Behind, and distant, a whistle sounded to mark the ascent of the first firework. Fu blew out another breath, this time removing his treasured douli. Already frayed, now the reeds it was fashioned from were crushed upon the brim.
A long day of loss.
As the second whistle screeched up, he set off once more.
A covered boat of faded red wood bobbed upon the waters, banners of moth-eaten fabric attached to the stern. Poorly crafted lanterns hung on a pole outside, four of various quality, and one near perfect. They were coloured orange, papered unlike the Qi-infused sort that the Alchemist’s Association had littered the skies with, and much unlike those, these drew a wide and honest smile from him.
Not a single step was taken as a figure erupted into him, launched from the rickety, aged door of his home. “Father!” roared a voice, half a squeal.
“Feng, are you not asleep? The stall will suffer for this tomor-” Fu’s weariness fled in that moment, as if a gentle rain had washed him anew from the day’s troubles.
The loss was cast aside, the pain of his injuries dulled, and an energy jolted his fatigue into some hidden recess to no doubt return as he laid down his head for the night.
Here and now, it was meaningless.
He put a firm hand to Feng’s collar, squeezing tight.
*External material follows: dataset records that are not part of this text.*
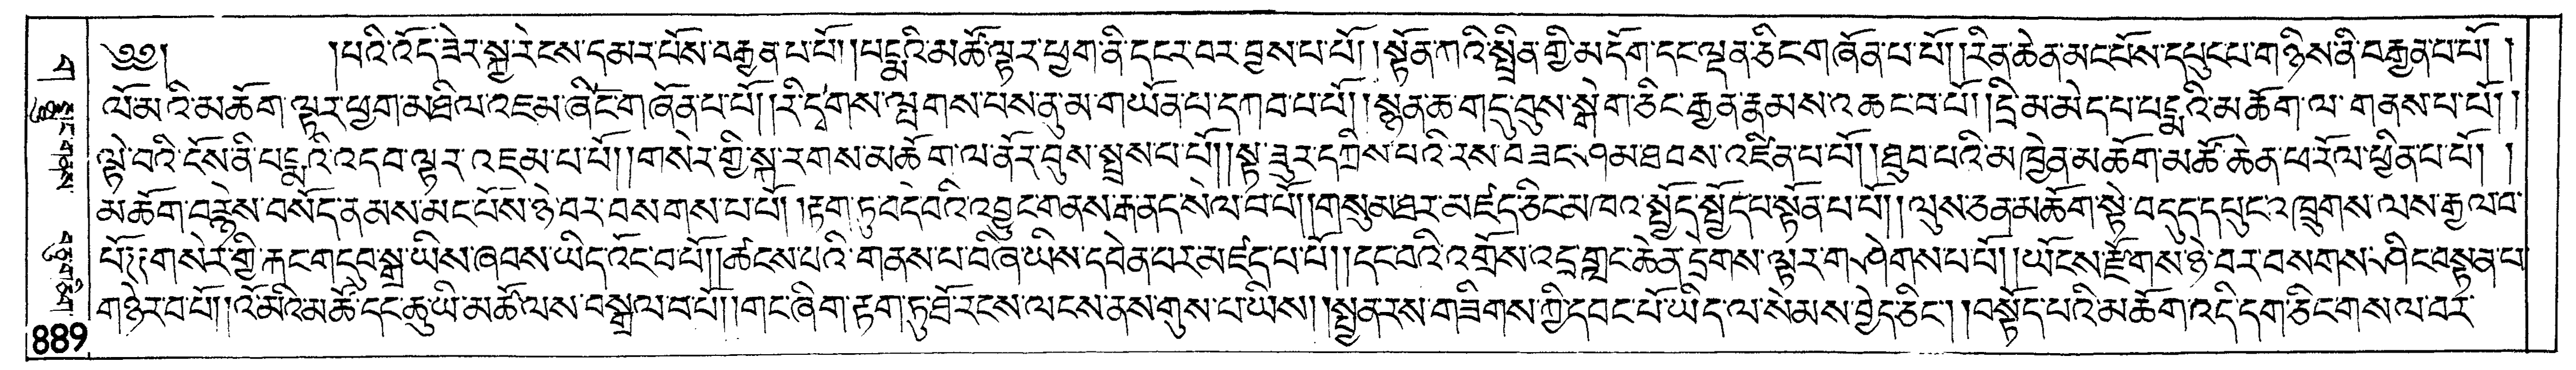༄༅། །པའི་འོད་ཟེར་སྐྱ་རེངས་དམར་པོས་བརྒྱན་པ་པོ། །པདམའི་མཚོ་ལྟར་ཕྱག་ནི་དངར་བར་བྱས་པ་པོ། །སྟོན་ཀའི་སྤྲིན་གྱི་མདོག་དང་ལྡན་ཅིང་གཞོན་པ་པོ། །རིན་ཆེན་མང་པོས་དཔུང་པ་གཉིས་ནི་བརྒྱན་པ་པོ། །
ལོ་མའི་མཆོག་ལྟར་ཕྱག་མཐིལ་འཇམ་ཞིང་གཞོན་པ་པོ། །རི་དྭགས་ལྤགས་པས་ནུ་མ་གཡོན་པ་དཀབ་པ་པོ། །སྙན་ཆ་གདུ་བུས་སྒེག་ཅིང་རྒྱན་རྣམས་འཆང་བ་པོ། །དྲི་མ་མེད་པ་པདམའི་མཆོག་ལ་གནས་པ་པོ། །
ལྟེ་བའི་ངོས་ནི་པདམའི་འདབ་ལྟར་འཇམ་པ་པོ། །གསེར་གྱི་སྐ་རགས་མཆོག་ལ་ནོར་བུས་སྤྲས་པ་པོ། །སྟ་ཟུར་དཀྲིས་པའི་རས་བཟང་ཤམ་ཐབས་འཛིན་པ་པོ། །ཐུབ་པའི་མཁྱེན་མཆོག་མཚོ་ཆེན་ཕ་རོལ་ཕྱིན་པ་པོ། །
མཆོག་བརྙེས་བསོད་ནམས་མང་པོས་ཉེ་བར་བསགས་པ་པོ། །རྟག་ཏུ་བདེ་བའི་འབྱུང་གནས་རྒ་ནད་སེལ་བ་པོ། །གསུམ་ཐར་མཛད་ཅིང་མཁའ་སྤྱོད་སྤྱོད་པ་སྟོན་པ་པོ། །ལུས་ཅན་མཆོག་སྟེ་བདུད་དཔུང་འཁྲུགས་ལས་རྒྱལ་བ་
པོ༑ ༑གསེར་གྱི་རྐང་གདུབ་སྒྲ་ཡིས་ཞབས་ཡིད་འོང་བ་པོ། །ཚངས་པའི་གནས་པ་བཞི་ཡིས་དབེན་པར་མཛད་པ་པོ། །དང་བའི་འགྲོས་འདྲ་གླང་ཆེན་དྲེགས་ལྟར་གཤེགས་པ་པོ། །ཡོངས་རྫོགས་ཉེ་བར་བསགས་ཤིང་བསྟན་པ་
གཉེར་བ་པོ། །འོ་མའི་མཚོ་དང་ཆུ་ཡི་མཚོ་ལས་བསྒྲལ་བ་པོ། །གང་ཞིག་རྟག་ཏུ་ཐོ་རངས་ལངས་ནས་གུས་པ་ཡིས། །སྤྱན་རས་གཟིགས་ཀྱི་དབང་པོ་ཡིད་ལ་སེམས་བྱེད་ཅིང་། །བསྟོད་པའི་མཆོག་འདི་དག་ཅིང་གསལ་བར་
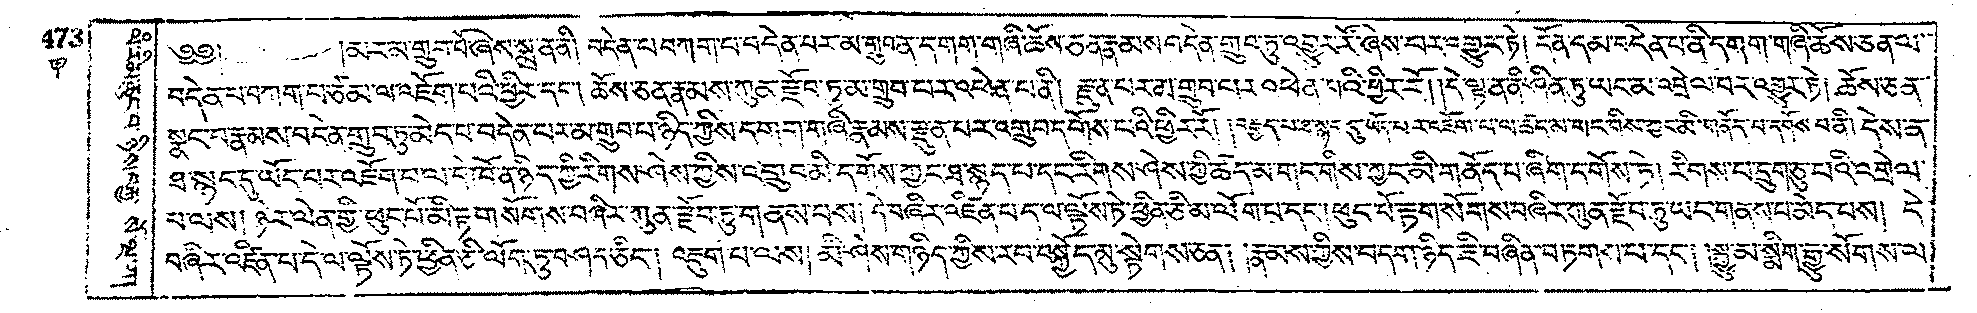༄༅། །མར་མ་གྲུབ་བོ་ཞེས་སྨྲ་ན་ནི། བདེན་པ་བཀག་པ་བདེན་པར་མ་གྲུབ་ན་དགག་གཞི་ཆོས་ཅན་རྣམས་བདེན་གྲུབ་ཏུ་འགྱུར་རོ་ཞེས་པར་འགྱུར་ཏེ། དོན་དམ་བདེན་པ་ནི་དགག་གཞི་ཆོས་ཅན་ལ་
བདེན་པ་བཀག་པ་ཙམ་ལ་འཇོག་པའི་ཕྱིར་དང་། ཆོས་ཅན་རྣམས་ཀུན་རྫོབ་ཏུ་མ་གྲུབ་པར་འཕེན་པ་ནི། རྫུན་པར་མ་གྲུབ་པར་འཕེན་པའི་ཕྱིར་རོ། །དེ་ལྟ་ན་ནི་ཤིན་ཏུ་ཡང་མ་འབྲེལ་པར་འགྱུར་ཏེ། ཆོས་ཅན་
སྣང་བ་རྣམས་བདེན་གྲུབ་ཏུ་མེད་པ་བདེན་པར་མ་གྲུབ་པ་ཉིད་ཀྱིས་དགག་གཞི་རྣམས་རྫུན་པར་འགྲུབ་དགོས་པའི་ཕྱིར་རོ། །བརྒྱད་པ་ཐ་སྙད་དུ་ཡོད་པར་འཇོག་པ་ལ་ཚད་མ་གང་གིས་ཀྱང་མི་གནོད་པ་དགོས་པ་ནི།  དེས་ན་
ཐ་སྙད་དུ་ཡོད་པར་འཇོག་པ་ལ་དེ་ཁོ་ན་ཉིད་ཀྱི་རིགས་ཤེས་ཀྱིས་འགྲུབ་མི་དགོས་ཀྱང་ཐ་སྙད་པ་དང་རིགས་ཤེས་ཀྱི་ཚད་མ་གང་གིས་ཀྱང་མི་གནོད་པ་ཞིག་དགོས་ཏེ། རིགས་པ་དྲུག་ཅུ་པའི་འགྲེལ་
པ་ལས། ཉེར་ལེན་གྱི་ཕུང་པོ་མི་རྟག་སོགས་བཞིར་ཀུན་རྫོབ་ཏུ་གནས་པས། དེ་བཞིར་འཛིན་པ་ད་ལ་ལྟོས་ཏེ་ཕྱིན་ཅི་མ་ལོག་པ་དང་། ཕུང་པོ་རྟག་སོགས་བཞིར་ཀུན་རྫོབ་ཏུ་ཡང་གནས་པ་མེད་པས། དེ་
བཞིར་འཛིན་པ་དེ་ལ་ལྟོས་ཏེ་ཕྱིན་ཅི་ལོག་ཏུ་བཤད་ཅིང་། འཇུག་པ་ལས། མི་ཤེས་གཉིད་ཀྱིས་རབ་བསྐྱོད་མུ་སྟེགས་ཅན། །རྣམས་ཀྱིས་བདག་ཉིད་ཇི་བཞིན་བཏགས་པ་དང་། །སྒྱུ་མ་སྨིག་རྒྱུ་སོགས་ལ་

The boy had put on muscle recently, the same, lean sort as his own. And Fu could not fail to notice how his son’s unkempt bun was almost at a height with his own ears as they crossed the threshold.
“My old heart cannot take such noise!” wailed another voice, elderly and shrill.
“Good evening, Father!”
“Good morning, Father.”
Two youthful voices added to the greeting, and a hearty chuckle shook upwards from Fu’s stomach to hear it.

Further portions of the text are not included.